Data extracts »
- Opening Delimiter -
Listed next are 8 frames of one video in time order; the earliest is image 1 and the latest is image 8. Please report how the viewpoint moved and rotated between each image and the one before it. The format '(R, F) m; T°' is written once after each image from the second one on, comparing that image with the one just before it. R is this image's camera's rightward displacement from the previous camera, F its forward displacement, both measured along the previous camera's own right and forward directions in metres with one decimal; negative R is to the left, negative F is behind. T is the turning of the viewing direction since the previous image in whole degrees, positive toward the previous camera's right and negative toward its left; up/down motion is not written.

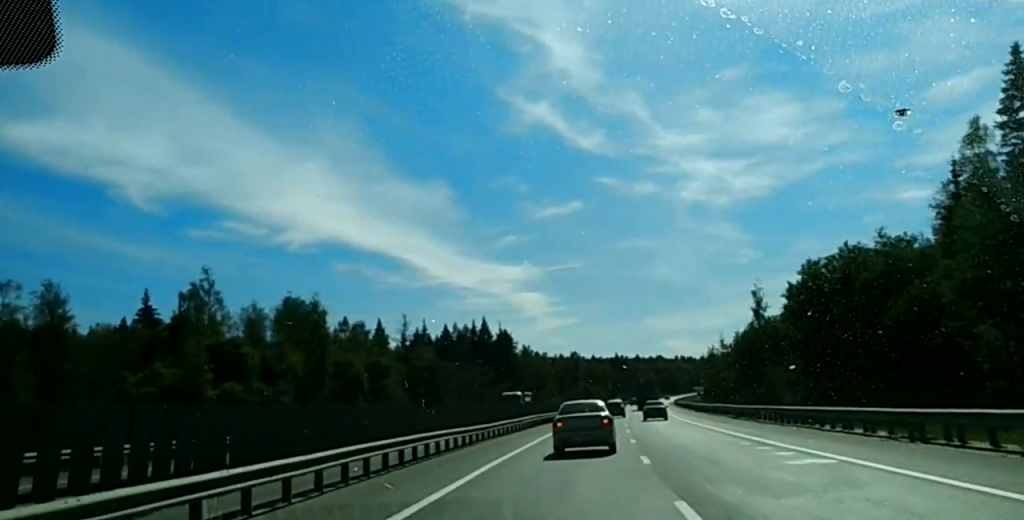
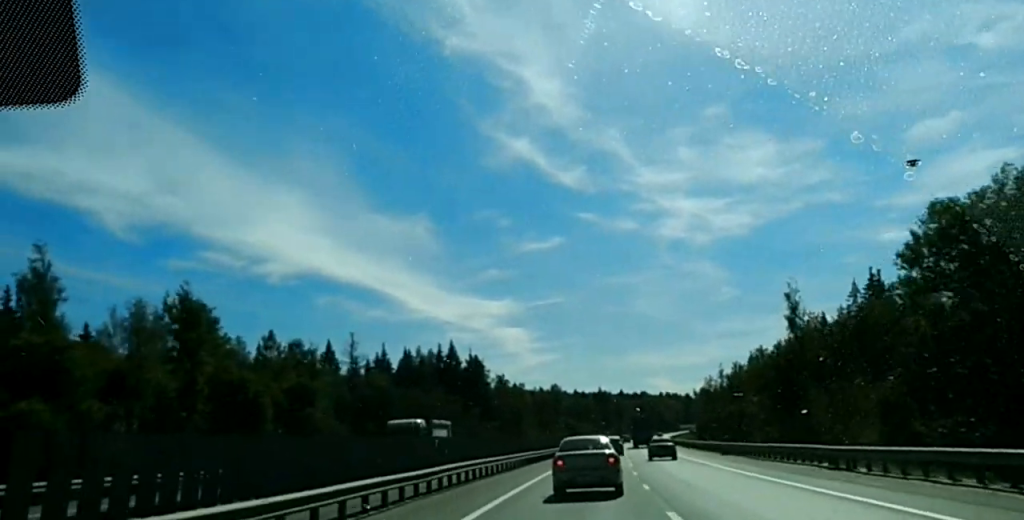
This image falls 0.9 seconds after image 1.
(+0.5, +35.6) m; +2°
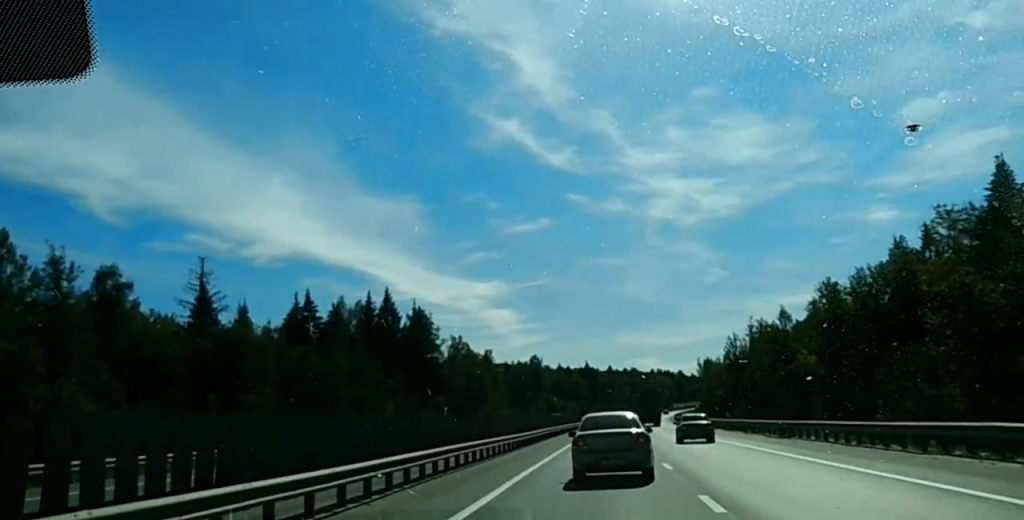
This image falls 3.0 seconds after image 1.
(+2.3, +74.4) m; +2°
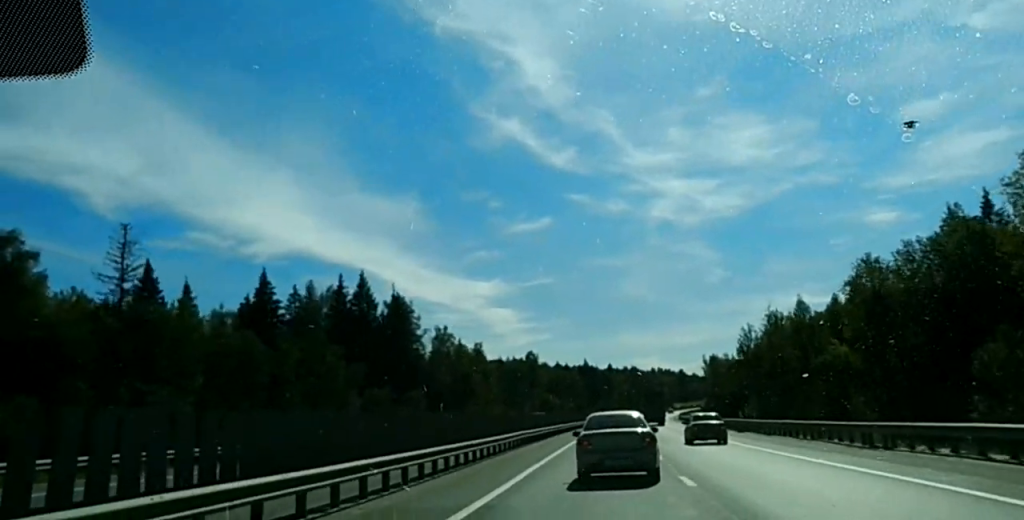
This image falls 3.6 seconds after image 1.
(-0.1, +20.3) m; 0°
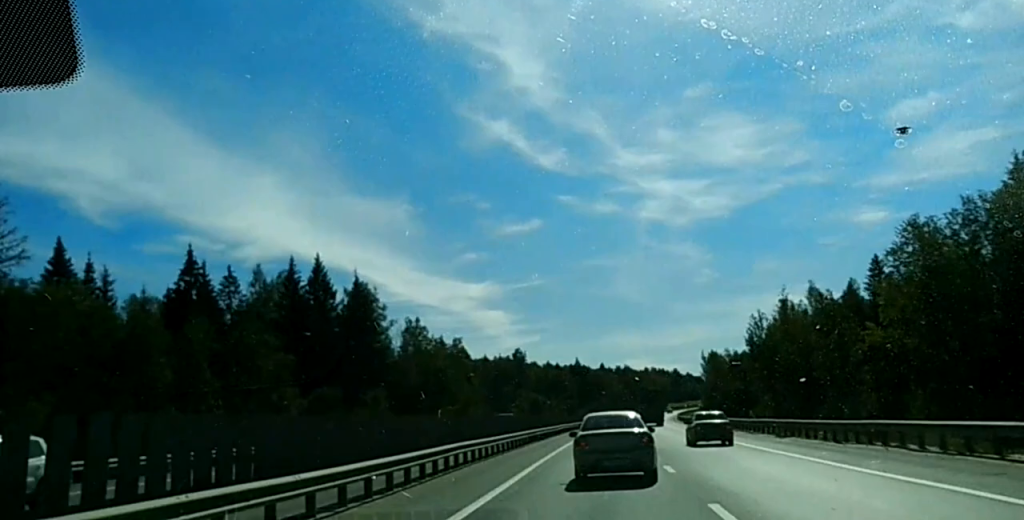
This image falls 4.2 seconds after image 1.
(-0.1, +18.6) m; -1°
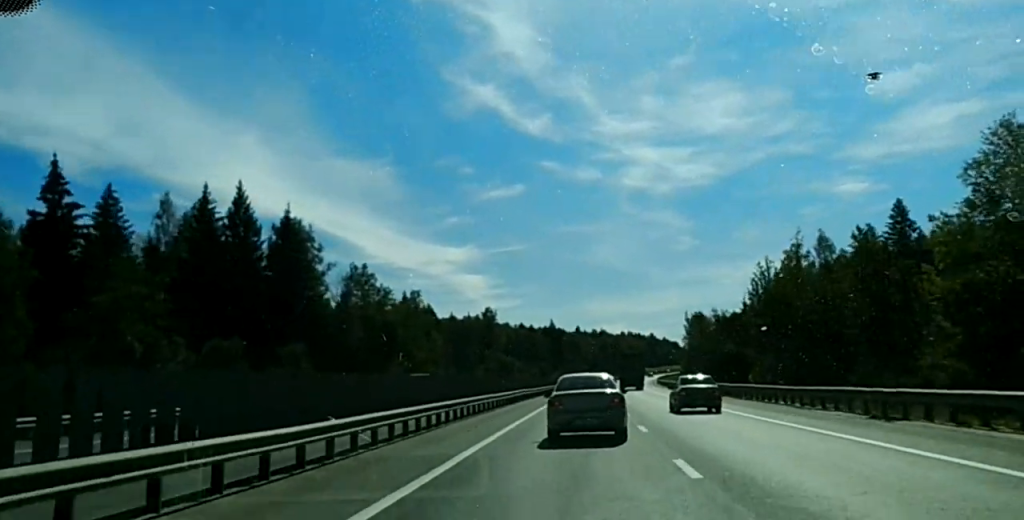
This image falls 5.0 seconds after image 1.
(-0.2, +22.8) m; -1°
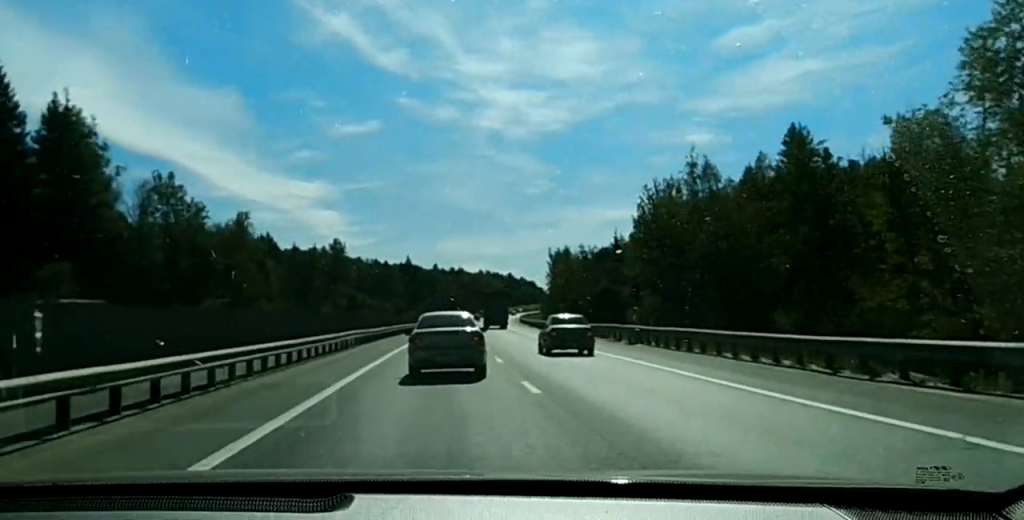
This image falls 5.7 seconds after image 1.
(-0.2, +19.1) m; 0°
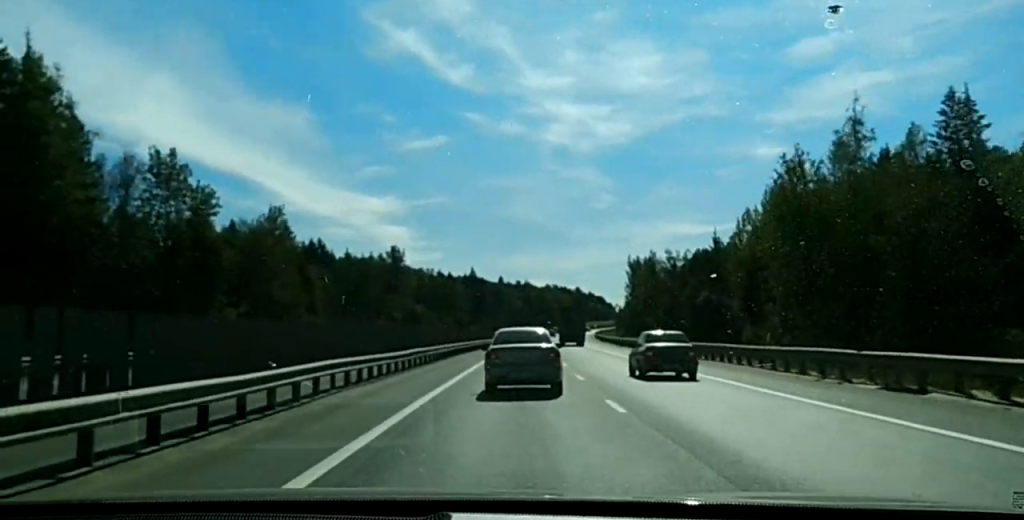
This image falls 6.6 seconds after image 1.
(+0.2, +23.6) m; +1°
- Closing Delimiter -
- Opening Delimiter -
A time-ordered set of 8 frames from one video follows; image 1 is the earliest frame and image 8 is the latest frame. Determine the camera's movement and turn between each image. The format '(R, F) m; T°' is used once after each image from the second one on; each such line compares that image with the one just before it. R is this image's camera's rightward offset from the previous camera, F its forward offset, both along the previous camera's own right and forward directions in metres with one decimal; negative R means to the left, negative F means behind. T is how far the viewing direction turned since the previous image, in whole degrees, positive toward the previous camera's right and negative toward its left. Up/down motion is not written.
- Closing Delimiter -
- Opening Delimiter -
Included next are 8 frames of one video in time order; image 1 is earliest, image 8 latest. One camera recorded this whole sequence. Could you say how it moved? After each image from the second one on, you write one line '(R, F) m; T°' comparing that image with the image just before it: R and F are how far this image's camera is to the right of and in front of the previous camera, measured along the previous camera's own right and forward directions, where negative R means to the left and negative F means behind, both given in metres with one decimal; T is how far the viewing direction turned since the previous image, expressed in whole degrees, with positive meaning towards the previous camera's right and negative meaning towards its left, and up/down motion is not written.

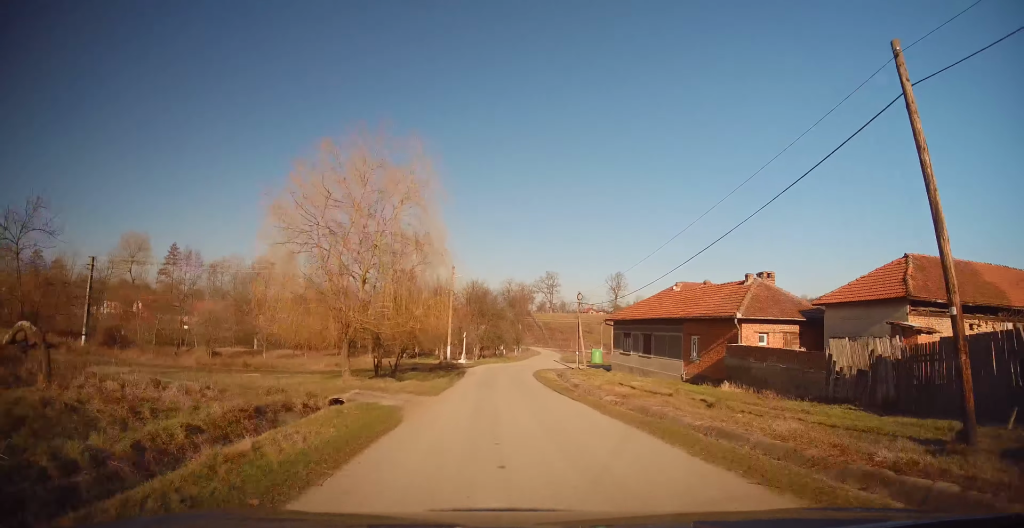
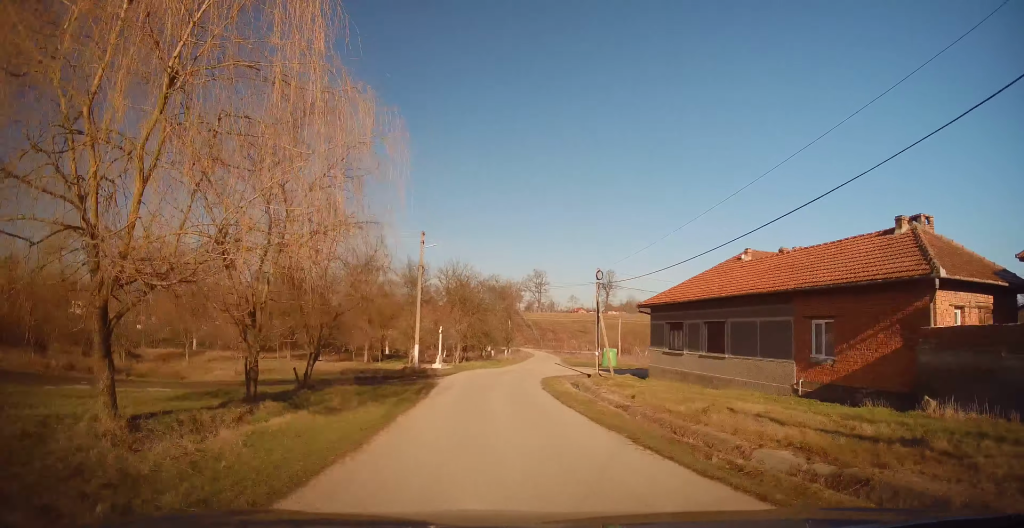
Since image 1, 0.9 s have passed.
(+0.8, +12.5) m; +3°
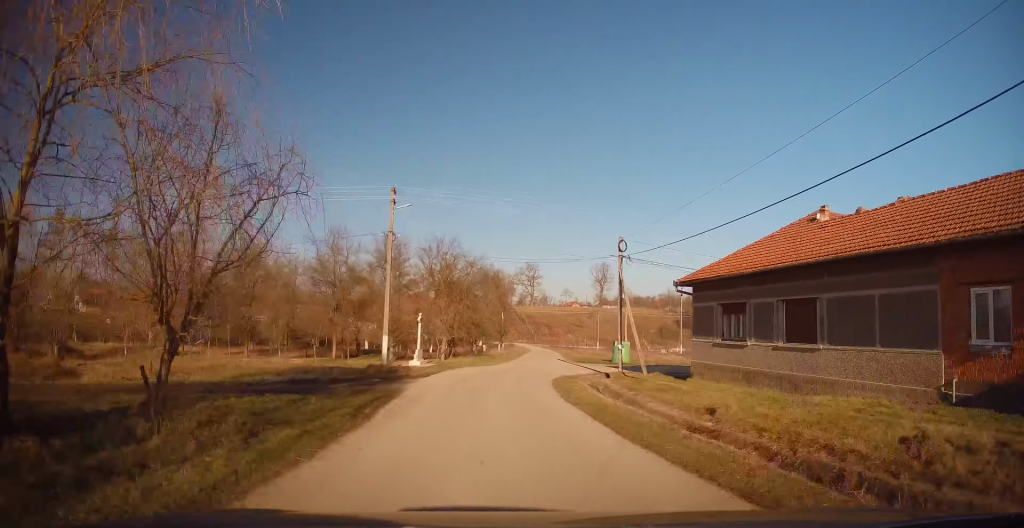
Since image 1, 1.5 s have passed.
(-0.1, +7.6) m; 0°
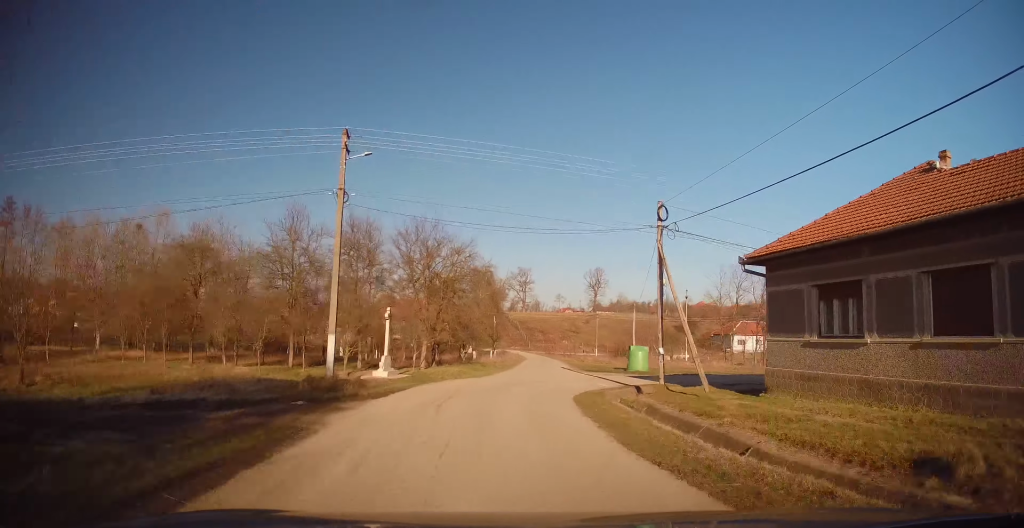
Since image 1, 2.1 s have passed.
- Closing Delimiter -
Exercise instructions »
In the records above, everything from the line with "Since image 1, 0.9 s have passed." down to the line with "Since image 1, 2.1 s have passed." is to be set down exactly, both ends included, with no pictures and no other lines.

Task result »
Since image 1, 0.9 s have passed.
(+0.8, +12.5) m; +3°
Since image 1, 1.5 s have passed.
(-0.1, +7.6) m; 0°
Since image 1, 2.1 s have passed.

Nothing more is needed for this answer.